*** Opening Records shown ***
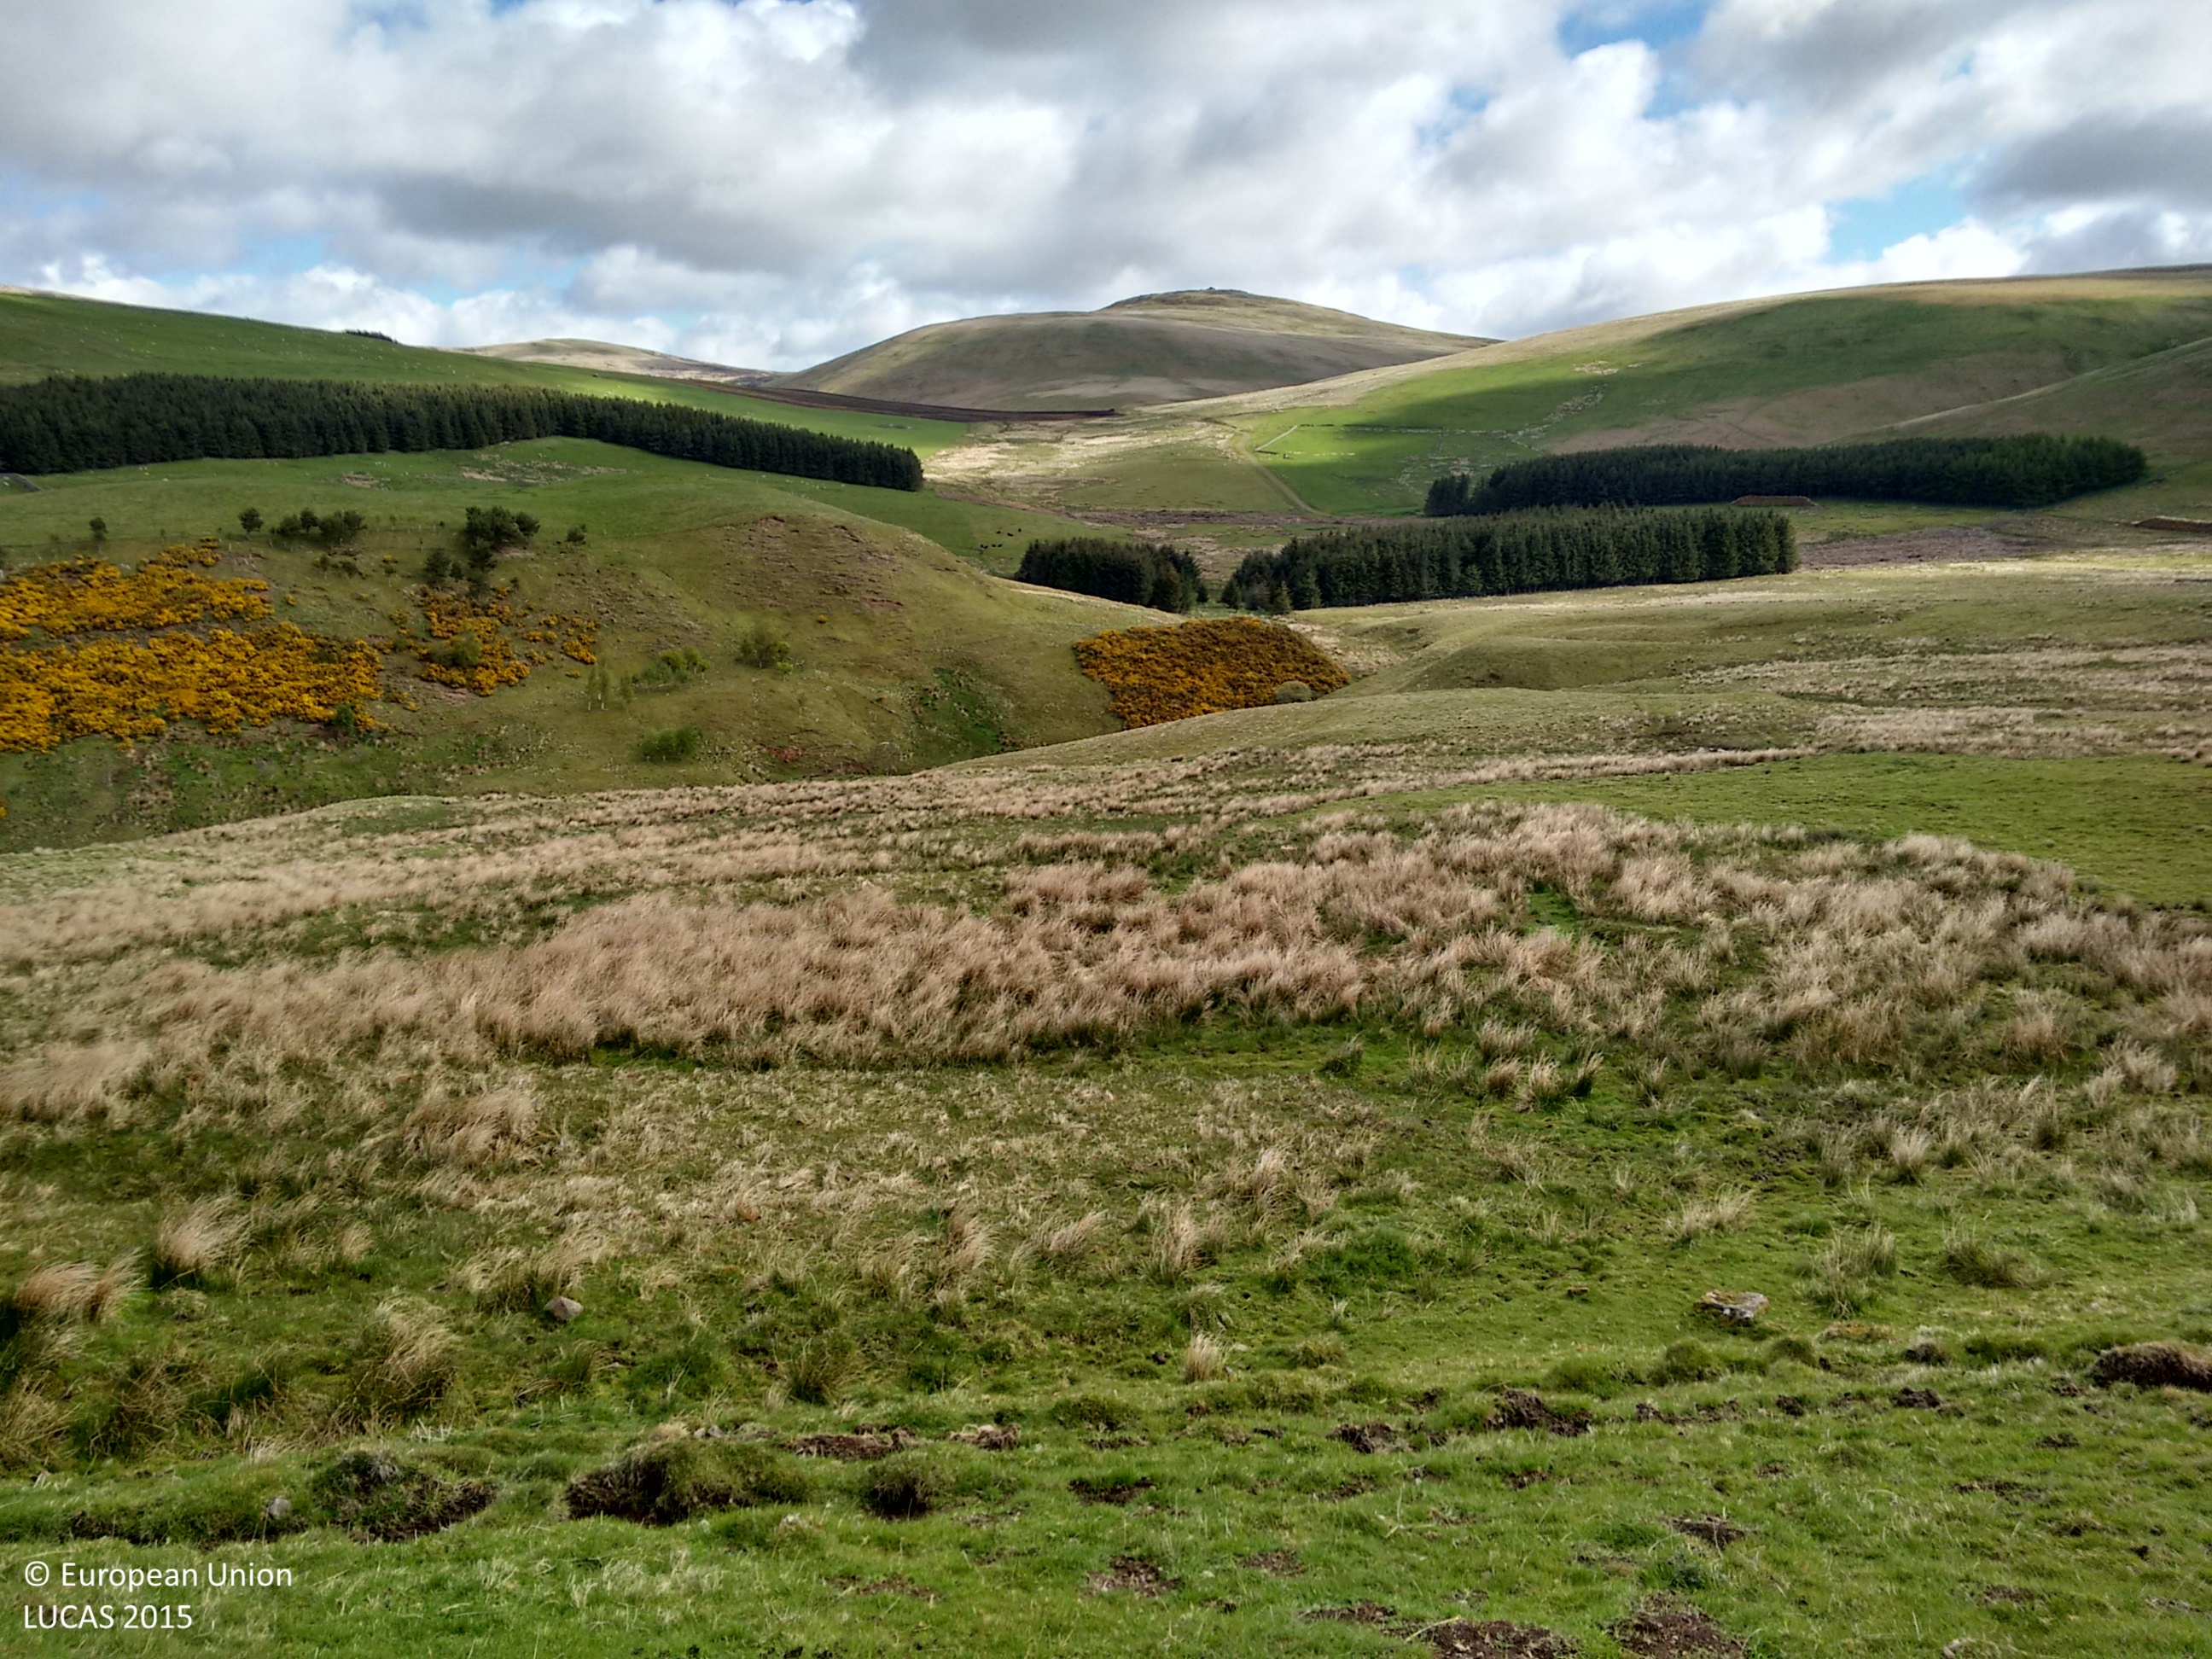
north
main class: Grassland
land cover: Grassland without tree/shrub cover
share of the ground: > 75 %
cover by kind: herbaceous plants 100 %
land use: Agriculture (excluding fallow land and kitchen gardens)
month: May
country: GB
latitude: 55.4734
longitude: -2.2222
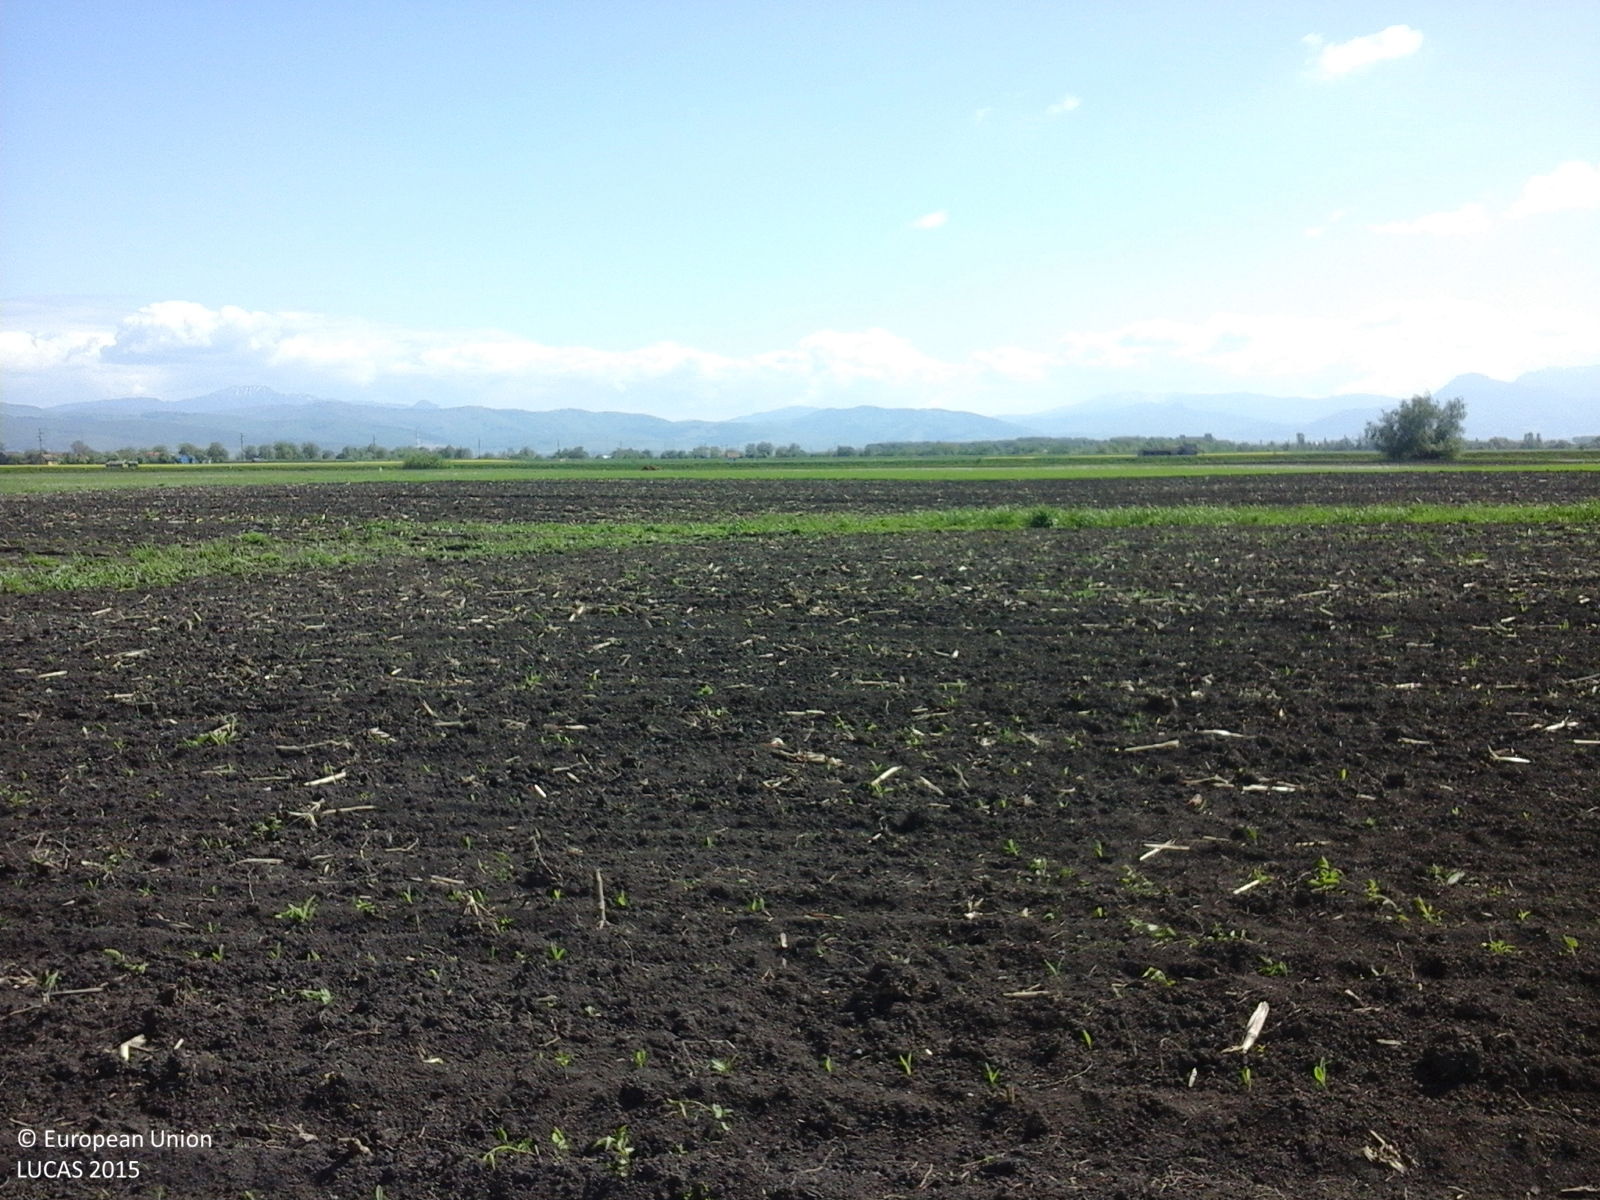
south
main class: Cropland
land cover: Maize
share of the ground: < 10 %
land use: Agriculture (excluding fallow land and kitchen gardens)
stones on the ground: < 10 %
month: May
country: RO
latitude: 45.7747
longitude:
*** Closing Records shown ***
Task details:
An exact copy of the records above is needed, free of pictures.

Exercise solution:
north
main class: Grassland
land cover: Grassland without tree/shrub cover
share of the ground: > 75 %
cover by kind: herbaceous plants 100 %
land use: Agriculture (excluding fallow land and kitchen gardens)
month: May
country: GB
latitude: 55.4734
longitude: -2.2222
south
main class: Cropland
land cover: Maize
share of the ground: < 10 %
land use: Agriculture (excluding fallow land and kitchen gardens)
stones on the ground: < 10 %
month: May
country: RO
latitude: 45.7747
longitude:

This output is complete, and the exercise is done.